NEW YORK (GenomeWeb) – The international Genetic Investigation of Anthropometric Traits Consortium has linked additional gene regions to variations in human height, bringing the total number of regions associated with the trait to more than 400.

By drawing on genome-wide data from more than a quarter of a million people, the GIANT consortium identified nearly 700 variants that reached significance, as it reported yesterday in Nature Genetics. The team further estimated that the SNPs they homed in on can explain some 36 percent of the heritability of height.

"Height is almost completely determined by genetics, but our earlier studies were only able to explain about 10 percent of this genetic influence," said the Broad Institute's Joel Hirschhorn, who led the GIANT Consortium, in a statement. "Now, by doubling the number of people in our study, we have a much more complete picture of how common genetic variants affect height — how many of them there are and how much they contribute."
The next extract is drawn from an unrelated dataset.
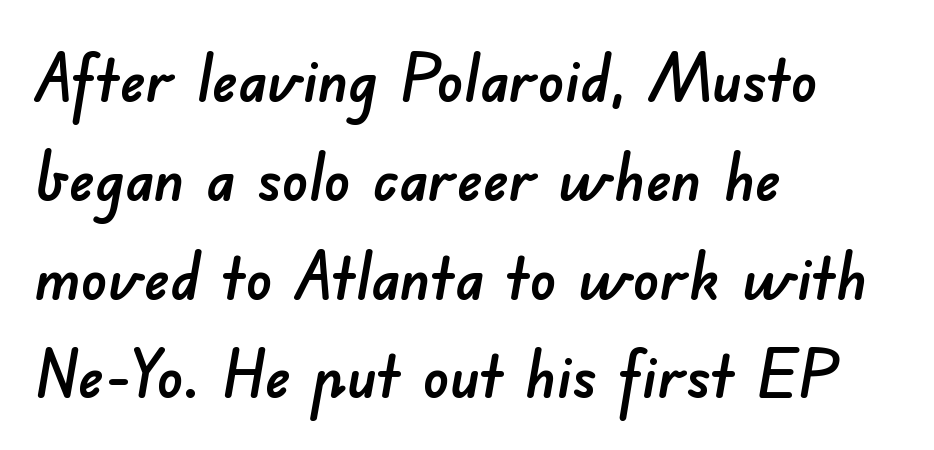
The image shows 65 px sans-serif type; set left-aligned, normal line spacing (1.52x), normal letter spacing, not underlined; low stroke contrast and a small x-height.

Previous studies have linked 180 or so loci to height, but common variants at those loci could only explain about 12 percent of the heritability of height, or about 10 percent of the phenotypic variation, the researchers said.

To search for additional variants, Hirschhorn and the GIANT consortium performed a genome-wide association study meta-analysis that took in data from 79 studies and included 253,288 people of European descent. From this, they uncovered 697 SNPs clustered in 423 loci that reached genome-wide significance.

Though the polygenic nature of height appeared to inflate the test statistics the researchers saw, they concluded that most of the loci uncovered represent true associations.

Through a series of analyses that relied on within-family predictions and data from five additional studies, the researchers reported that the most strongly associated 2,000 SNPs could explain some 21 percent of phenotypic variation while the most strongly associated 9,500 SNPs could capture about 29 percent of phenotypic variance. Together, all common variants captured 60 percent of heritability.

"The results are consistent with a genetic architecture for human height that is characterized by a very large but finite number (thousands) of causal variants, located throughout the genome but clustered in both a biological and genomic manner," the researchers wrote.

The consortium turned to two gene prioritization approaches, called MAGENTA and GRAIL, and linked the SNPs they uncovered to gene regions known involved in height as well as to regions not previously associated with the trait.

By folding in results from DEPICT, a novel integrative method that not only prioritizes genes and gene sets, but also identifies tissues where those genes are highly expressed, the team confirmed and built on the MAGENTA and GRAIL findings.

Among those top prioritized genes with links to relevant pathways were GLI1 and LAMA5, which are linked to Hedgehog signaling; FRS2, which is involved in FGF signaling; and MTOR, which is involved in TGF and mTOR signaling.

Other genes highlighted by DEPICT — such as FAM101A, GLT8D2, and ARSJ — have no clear link yet to skeletal growth and may, the researchers said, represent biology left to learn.

"When you double the sample size and increase your statistical power, you can make new discoveries," Hirschhorn said. "Our results prioritize many genes and pathways as important in skeletal growth during childhood."

Indeed, they noted that CHSY1, which came in at the second spot on their list of prioritized genes, was unknown when they made their list, but mutations in it have since been linked to a syndrome marked by short stature and brachydactyly.

He and his colleagues also argued that, in light of their findings, results from large GWAS will remain relevant as sample sizes increase because they can elucidate biologically relevant information and help prioritize genes and pathways.

"As you increase the sample size, you get more biology," Hirschhorn added.